15 juillet [1837], samedi matin, 9 h.
Eh ! quoi, pas même avoir étrenné le beau lit ! Ça prometa pour l’avenir. Décidément le VENDREDI n’est pas mon jour de Bonheur. Il est vrai que les autres sont mes jours néfastes, ce qui établit une fameuse compensation sur toute la vie. Je t’aime mon cher petit homme. Tu as beau me traiter avec indifférence comme une femme qu’on n’aime plusb, moi je t’aime. Mon cœur et ma vie sont à toi. À toi mes pensées dans le jour et mes rêves dans la nuit. Et à propos de cela je te dirai que j’ai donné une volée atroce à Mme Pierceau à cause de toi. Pauvre femme, on ac bien raison de dire : tout songe, tout mensonge. Je suis bien sûre que celle-là t’aime et t’admire en conscience. Mais mon cher petit Romain, portez-moi donc votre fameuse croix [1]. J’ai tant envie de l’avoir. Elle me sera si précieuse. J’en aurai si soin et je serai si fière de l’avoir que vous devriez bien ne pas retarder davantage ce bonheur-là. Jour mon petit homme. Jour mon maître. Jour on jour. « Vois Toto comme il est mal élevé… alors il l’appelle bête, il l’appelle oie, il l’appelle serine, est-ce que je sais, moi ? [2] ». Comment vous appellerai-je, moi ? Après avoir épuisé tous les noms les plus doux et les plus tendres pour que vous les entendiez, je seraid autorisée à vous appeler monstre, scélérat, gredin, et autres que la pudeur m’empêche de nommer. Vous les mériteriez mieux que mon petit homme, mon cher bien-aimé, mon Victor adoré.
Juliette
BnF, Mss, NAF 16331, f. 53-54
Transcription de Sylviane Robardey-Eppstein
a) « promets ».
b) « qu’on aime plus ».
c) « on n’a ».
d) « serais ».
15 juillet [1837], samedi soir, 10 h.
Mon cher petit homme, mon cher petit homme, vous voyez bien que vous êtes un grand Vacapomd [3]. Vous n’êtes pas seulement venu voir votre pauvre Juju un peu à la vôlée [4] ce soir. C’est bien mal de votre part.
J’ai joliment parlé de vous tantôt, les oreilles ont dû joliment vous corner et la gauche surtout.
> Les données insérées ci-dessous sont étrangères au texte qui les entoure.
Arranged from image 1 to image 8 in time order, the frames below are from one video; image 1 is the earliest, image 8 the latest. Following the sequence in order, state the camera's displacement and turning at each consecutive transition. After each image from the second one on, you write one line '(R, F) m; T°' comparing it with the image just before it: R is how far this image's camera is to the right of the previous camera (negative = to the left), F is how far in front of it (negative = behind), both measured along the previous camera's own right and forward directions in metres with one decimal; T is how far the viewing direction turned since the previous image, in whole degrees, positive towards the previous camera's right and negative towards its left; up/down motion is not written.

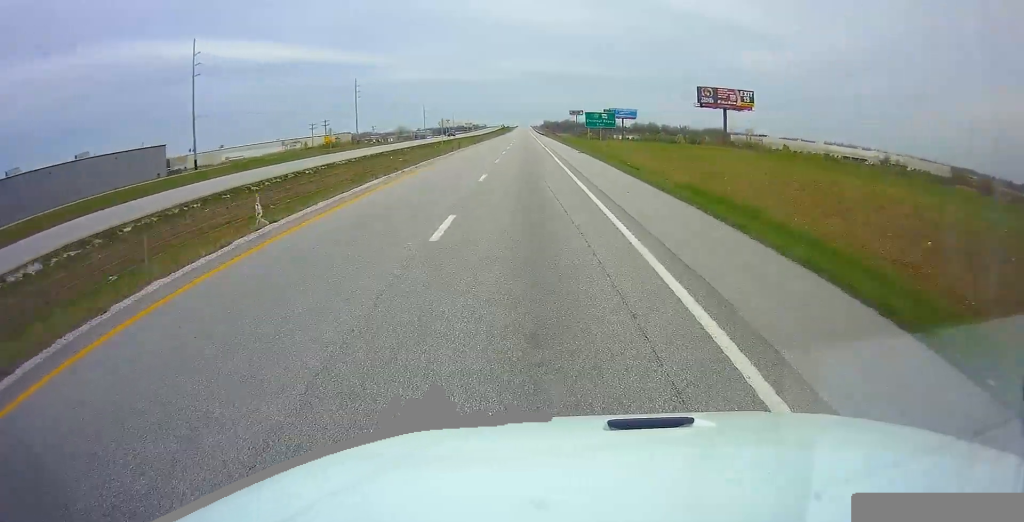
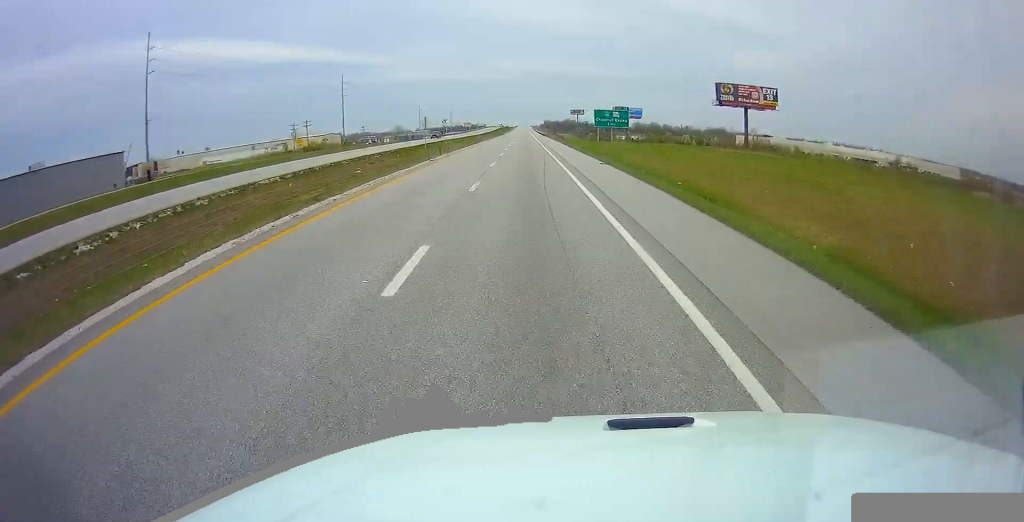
(-0.1, +15.5) m; 0°
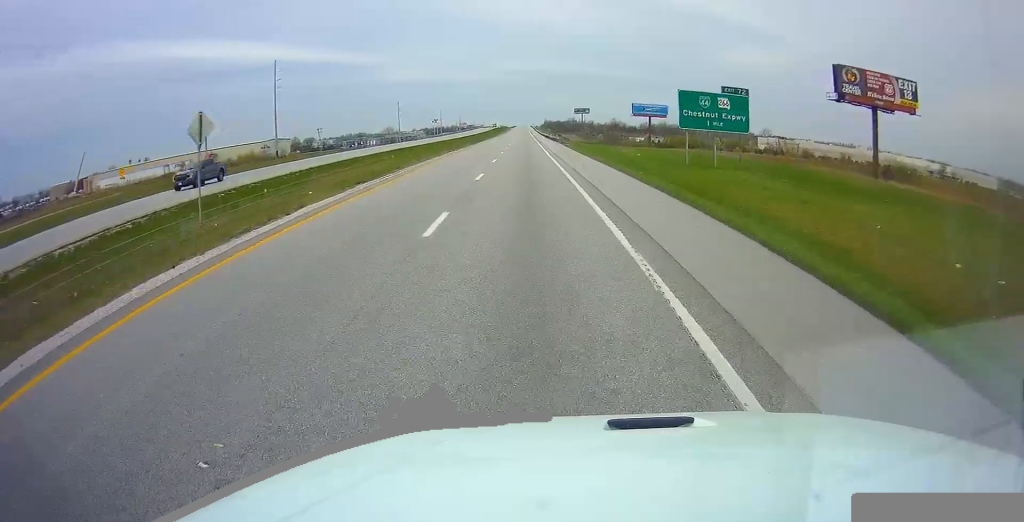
(-0.2, +55.9) m; 0°
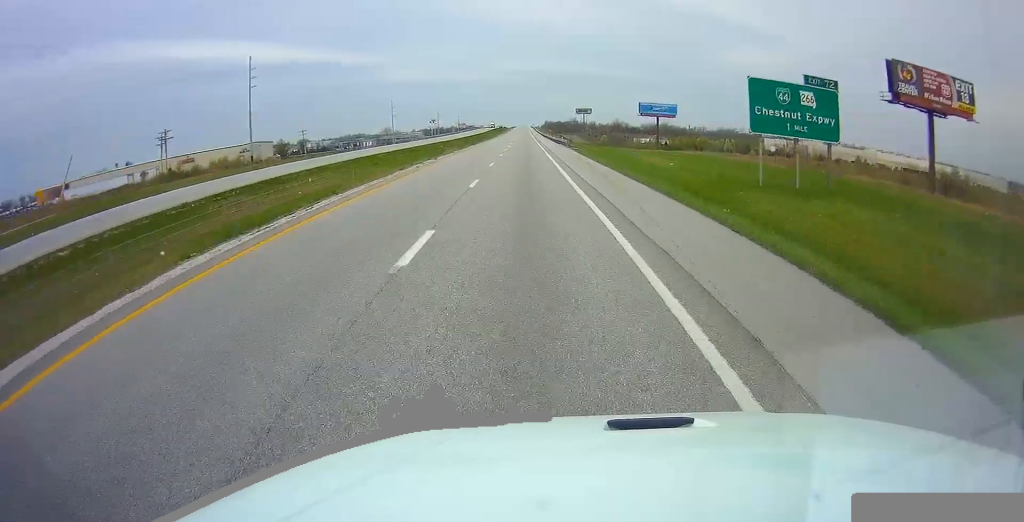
(0.0, +14.5) m; 0°
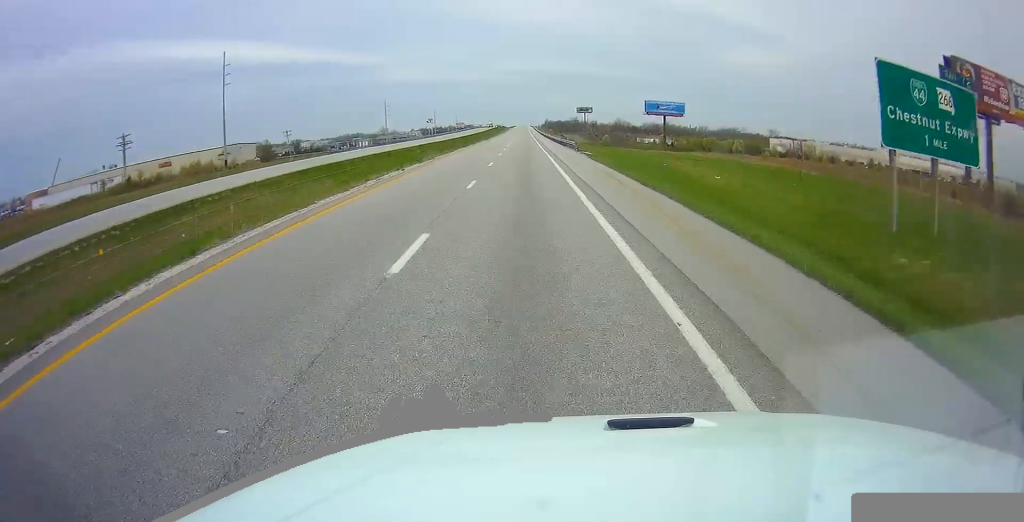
(+0.2, +12.5) m; 0°
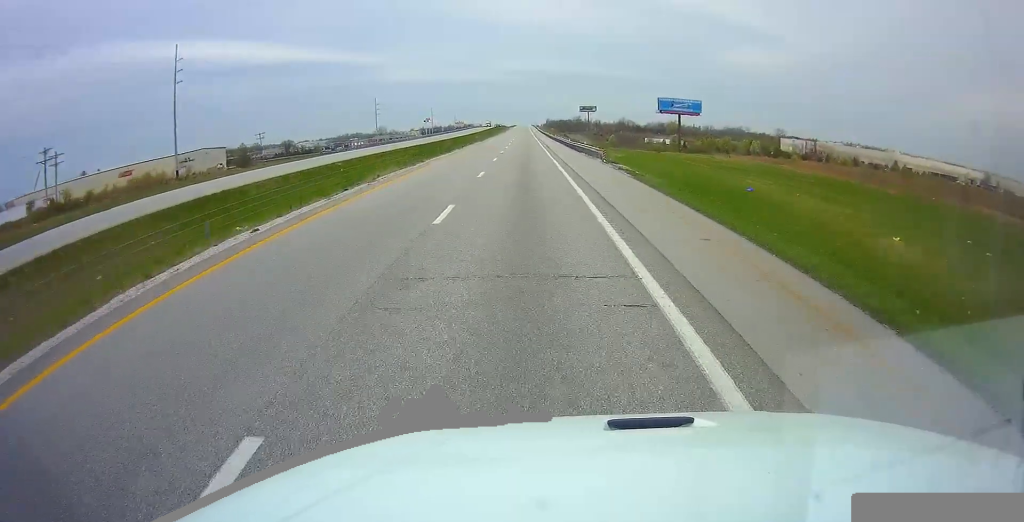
(+0.2, +19.8) m; 0°
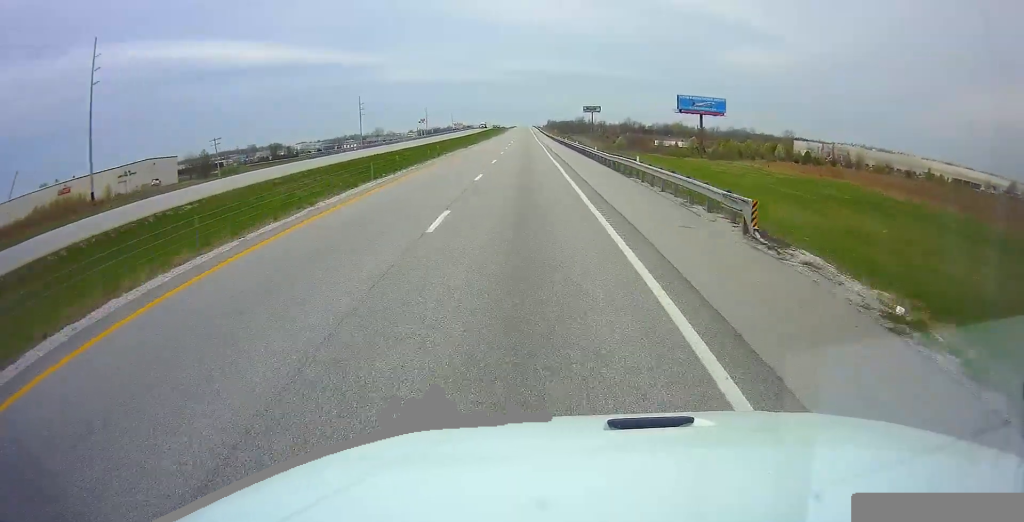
(-0.4, +24.9) m; -1°
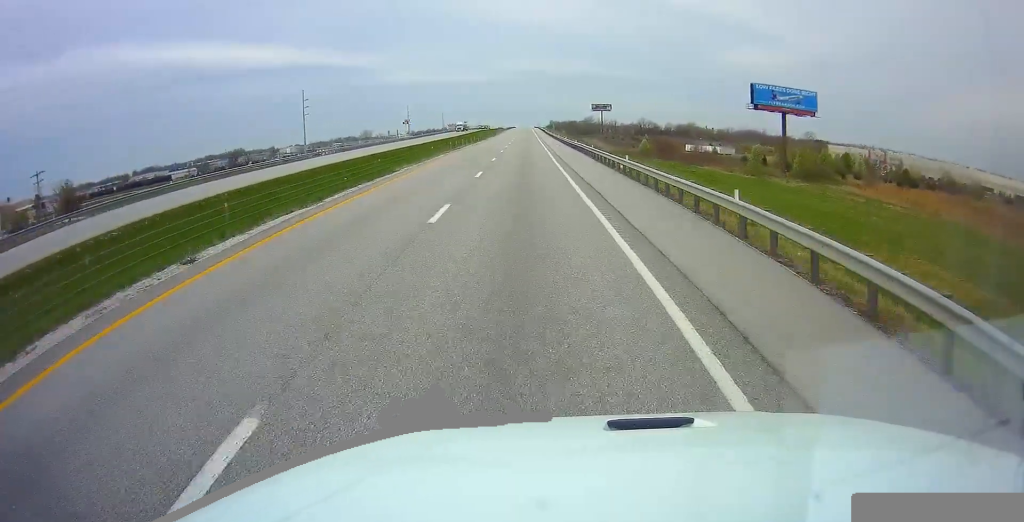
(+0.8, +59.2) m; +1°

Il paraît que bientôt je ne pourrai plus dire un traître mot sans que ce soit de vous. Cependant, ya pas [5] beaucoup de DESSERT ni d’autre chose. Il a fait un temps effroyable quand tu m’as eu quittée. Comment as-tu fait pour t’en retourner, c’est-à-dire te promener en travaillant ? J’ai bien pensé à toi. J’avais envie de te descendre un parapluie, mais je craignais de ne plus te trouver à ton poste. Il paraît que M. D [6]. a lu de tes vers au meunier de son moulin et qu’il s’est écrié (le meunier) ah ! comme ça M’ÉMOUVE ! Sensible meunier ! Ah ça, vous savez que je dîne demain en tête-à-tête avec un godelureau. Arrangez-vous là-dessus et prenez vos mesures, mais je n’en rabattrai pas un cheveu de la tête du garçon [7].
Ma croix, ma croix, ma croix, ma croix [8]. Je t’aime mon Toto. Je t’aime, je t’aime, je t’aime. Tu es mon beau Toto, tu es mon Toto adoré.